Remember the mentality that one should learn the rules to know when break them? No one has ever argued that works already considered great would often go against the rules so pounded upon the “inexperienced.” No one argues that greats use these blanket generalizations to create their master pieces. In fact, no one really believes that obeying this decrees by the letter will a great work make. So, spending five pages arguing that one can’t say not to use adverbs because here are six famous people who use them, actually will not convince anyone of anything.

It is a more elaborate, and may I say, more cleverly done, version of an argument that has always come up since the rules are first introduced to a new victim. He, however, does not go into any more detail or put any deeper opinion into it than what the students in a beginning creative writing class has said. He just has specific examples.

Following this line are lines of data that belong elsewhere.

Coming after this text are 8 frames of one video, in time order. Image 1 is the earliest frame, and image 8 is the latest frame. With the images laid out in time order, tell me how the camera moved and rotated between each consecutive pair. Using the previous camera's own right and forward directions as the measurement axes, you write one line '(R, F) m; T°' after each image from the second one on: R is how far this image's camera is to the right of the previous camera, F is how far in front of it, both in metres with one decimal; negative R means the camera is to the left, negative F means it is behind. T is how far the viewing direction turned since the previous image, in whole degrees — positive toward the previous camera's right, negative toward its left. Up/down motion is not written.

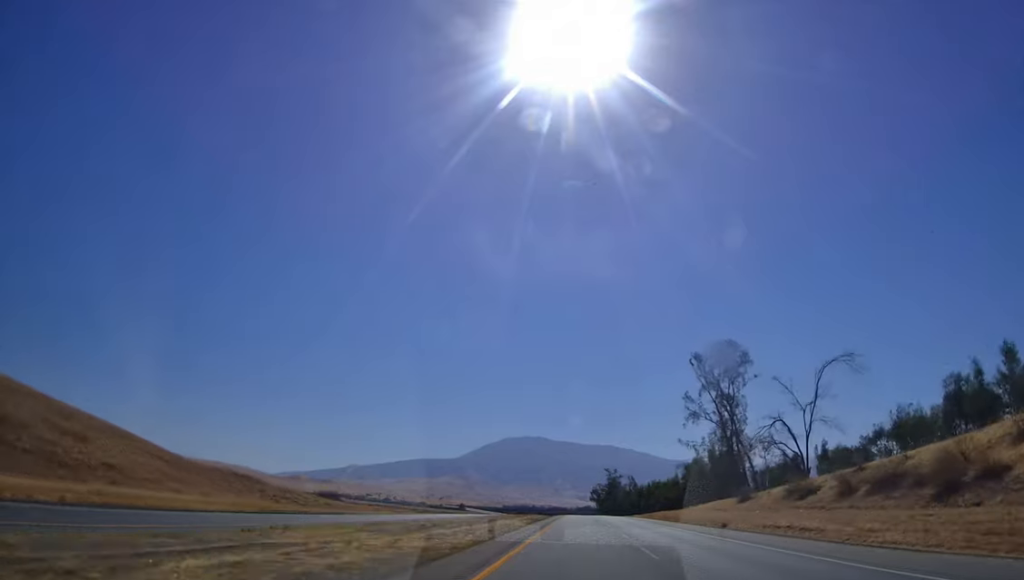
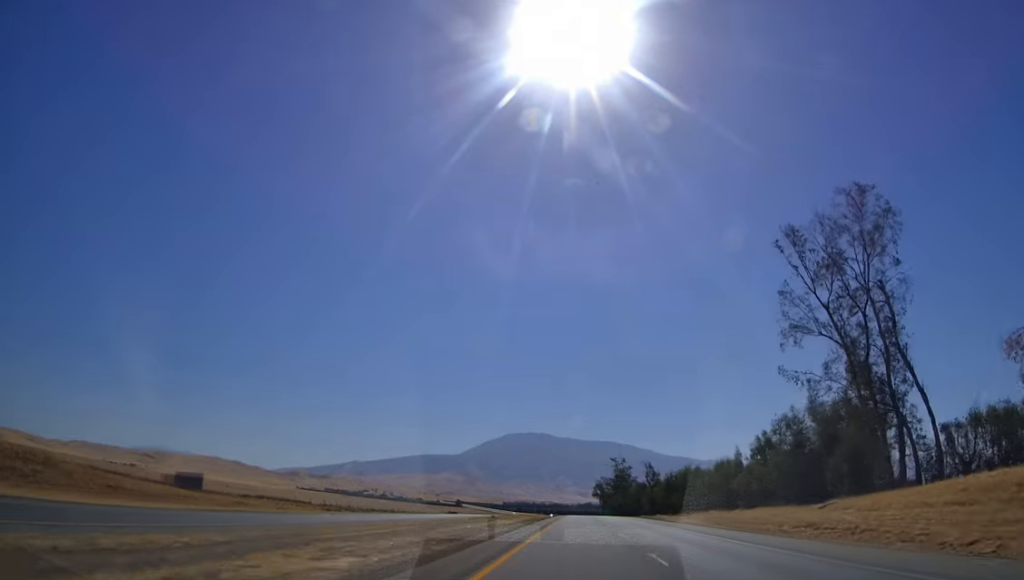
(+0.2, +47.5) m; 0°
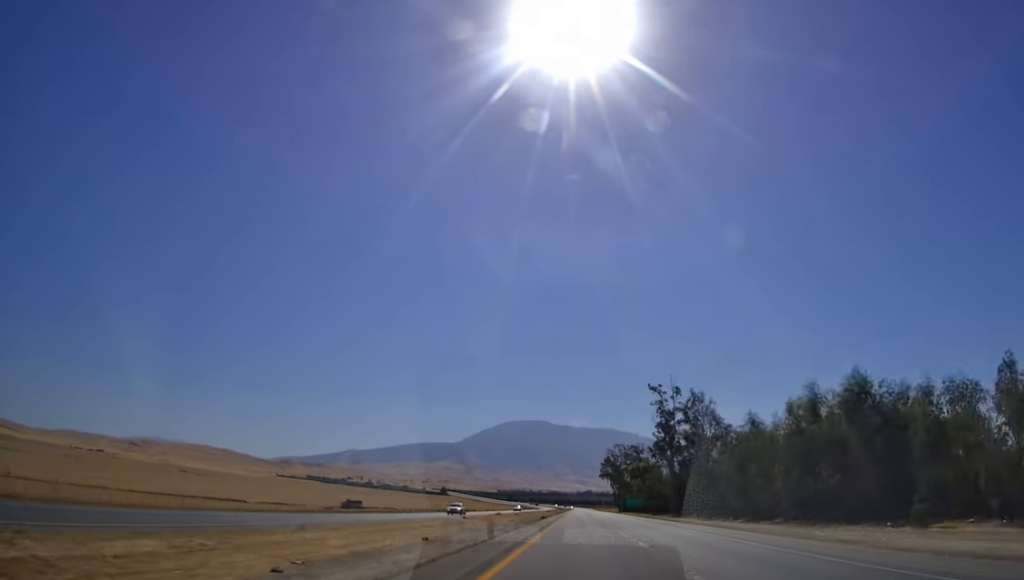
(-1.2, +139.3) m; -1°
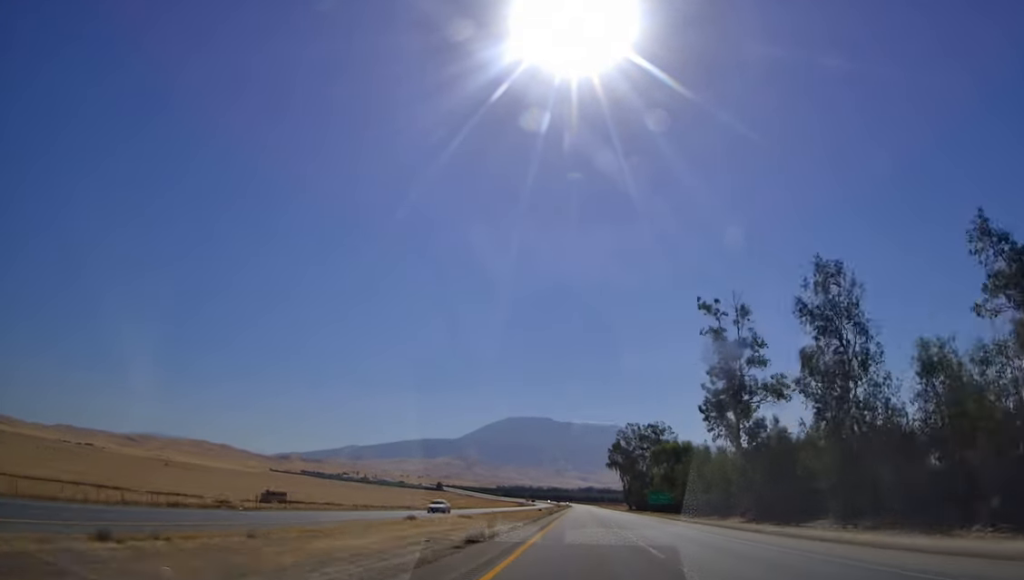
(+0.3, +48.0) m; 0°
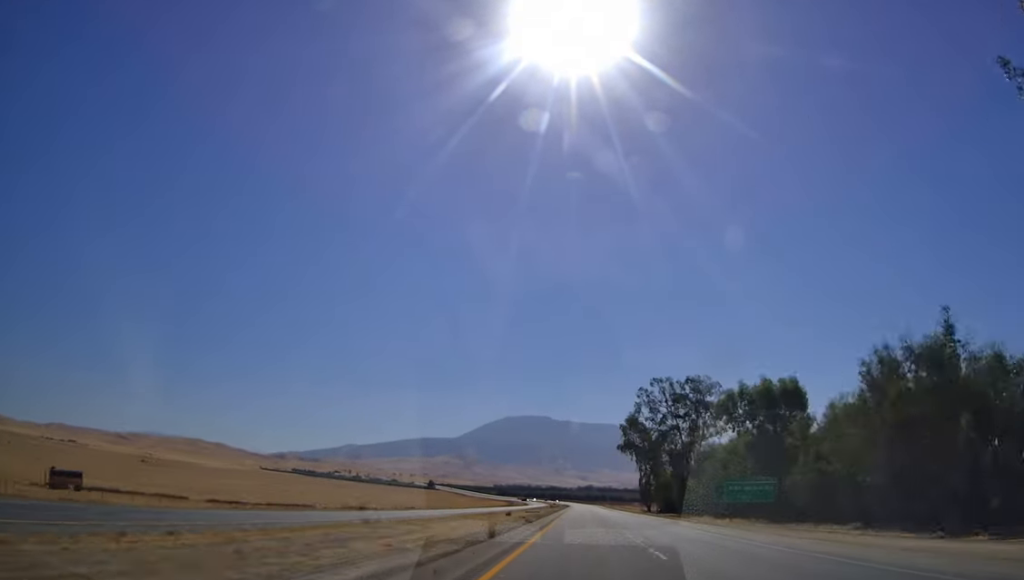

All in all, the article angered me just as much as it would have been if it was “A Poet’s Rule Book.” I believed he completely took out of consideration on literature’s need for variation just as much as a teacher arguing the opposite does. I also feel that the article did not come to a better understanding as to how to teach writing, and it is just as useful to lead a teacher into better teaching styles as an absolute rule list would to a student to better writing styles.

Like an acting teacher once said to me, “You cannot act a ‘not’ doing something,” thus you cannot write by not writing something and you cannot teach by not teaching something.